- _DATASET RECORDS_
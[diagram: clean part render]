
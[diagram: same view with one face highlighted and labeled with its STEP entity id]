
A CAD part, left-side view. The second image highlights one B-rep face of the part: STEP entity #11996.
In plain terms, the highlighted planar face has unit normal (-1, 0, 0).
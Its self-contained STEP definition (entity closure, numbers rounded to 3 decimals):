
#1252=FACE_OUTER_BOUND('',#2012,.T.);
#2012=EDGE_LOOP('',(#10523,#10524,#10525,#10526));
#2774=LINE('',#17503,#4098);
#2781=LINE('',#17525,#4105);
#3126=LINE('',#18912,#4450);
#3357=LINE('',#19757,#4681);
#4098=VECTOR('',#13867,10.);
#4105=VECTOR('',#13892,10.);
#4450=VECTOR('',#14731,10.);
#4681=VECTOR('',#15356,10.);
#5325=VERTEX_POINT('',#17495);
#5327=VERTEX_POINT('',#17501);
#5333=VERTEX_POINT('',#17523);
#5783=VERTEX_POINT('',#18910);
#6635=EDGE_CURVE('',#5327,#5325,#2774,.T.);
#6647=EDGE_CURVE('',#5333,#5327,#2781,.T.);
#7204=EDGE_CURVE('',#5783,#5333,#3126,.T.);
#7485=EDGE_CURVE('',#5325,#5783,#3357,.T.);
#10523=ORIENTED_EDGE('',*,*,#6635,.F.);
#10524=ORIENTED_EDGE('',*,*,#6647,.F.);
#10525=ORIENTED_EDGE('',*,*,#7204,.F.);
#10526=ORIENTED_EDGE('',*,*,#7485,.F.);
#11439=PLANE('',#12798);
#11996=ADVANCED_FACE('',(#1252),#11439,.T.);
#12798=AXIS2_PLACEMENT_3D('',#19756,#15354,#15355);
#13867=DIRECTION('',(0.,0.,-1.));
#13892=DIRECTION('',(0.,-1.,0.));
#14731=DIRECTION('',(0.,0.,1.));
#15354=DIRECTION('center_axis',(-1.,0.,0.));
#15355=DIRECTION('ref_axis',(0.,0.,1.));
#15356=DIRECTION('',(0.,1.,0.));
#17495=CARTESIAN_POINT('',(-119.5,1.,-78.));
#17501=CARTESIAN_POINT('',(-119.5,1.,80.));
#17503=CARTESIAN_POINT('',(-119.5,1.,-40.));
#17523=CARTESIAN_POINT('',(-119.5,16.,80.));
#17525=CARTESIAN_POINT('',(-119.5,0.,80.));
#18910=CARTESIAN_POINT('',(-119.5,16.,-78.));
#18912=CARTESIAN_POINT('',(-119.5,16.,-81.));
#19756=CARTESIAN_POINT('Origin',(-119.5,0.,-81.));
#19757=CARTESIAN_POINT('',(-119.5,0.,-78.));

- _WHAT IS NEEDED_
Everything from the first line of the records through the line containing "#15355=DIRECTION('ref_axis',(0.,0.,1.));" is to be set down exactly, while later lines are left out.

- _WORKED SOLUTION_
[diagram: clean part render]
[diagram: same view with one face highlighted and labeled with its STEP entity id]
A CAD part, left-side view. The second image highlights one B-rep face of the part: STEP entity #11996.
In plain terms, the highlighted planar face has unit normal (-1, 0, 0).
Its self-contained STEP definition (entity closure, numbers rounded to 3 decimals):
#1252=FACE_OUTER_BOUND('',#2012,.T.);
#2012=EDGE_LOOP('',(#10523,#10524,#10525,#10526));
#2774=LINE('',#17503,#4098);
#2781=LINE('',#17525,#4105);
#3126=LINE('',#18912,#4450);
#3357=LINE('',#19757,#4681);
#4098=VECTOR('',#13867,10.);
#4105=VECTOR('',#13892,10.);
#4450=VECTOR('',#14731,10.);
#4681=VECTOR('',#15356,10.);
#5325=VERTEX_POINT('',#17495);
#5327=VERTEX_POINT('',#17501);
#5333=VERTEX_POINT('',#17523);
#5783=VERTEX_POINT('',#18910);
#6635=EDGE_CURVE('',#5327,#5325,#2774,.T.);
#6647=EDGE_CURVE('',#5333,#5327,#2781,.T.);
#7204=EDGE_CURVE('',#5783,#5333,#3126,.T.);
#7485=EDGE_CURVE('',#5325,#5783,#3357,.T.);
#10523=ORIENTED_EDGE('',*,*,#6635,.F.);
#10524=ORIENTED_EDGE('',*,*,#6647,.F.);
#10525=ORIENTED_EDGE('',*,*,#7204,.F.);
#10526=ORIENTED_EDGE('',*,*,#7485,.F.);
#11439=PLANE('',#12798);
#11996=ADVANCED_FACE('',(#1252),#11439,.T.);
#12798=AXIS2_PLACEMENT_3D('',#19756,#15354,#15355);
#13867=DIRECTION('',(0.,0.,-1.));
#13892=DIRECTION('',(0.,-1.,0.));
#14731=DIRECTION('',(0.,0.,1.));
#15354=DIRECTION('center_axis',(-1.,0.,0.));
#15355=DIRECTION('ref_axis',(0.,0.,1.));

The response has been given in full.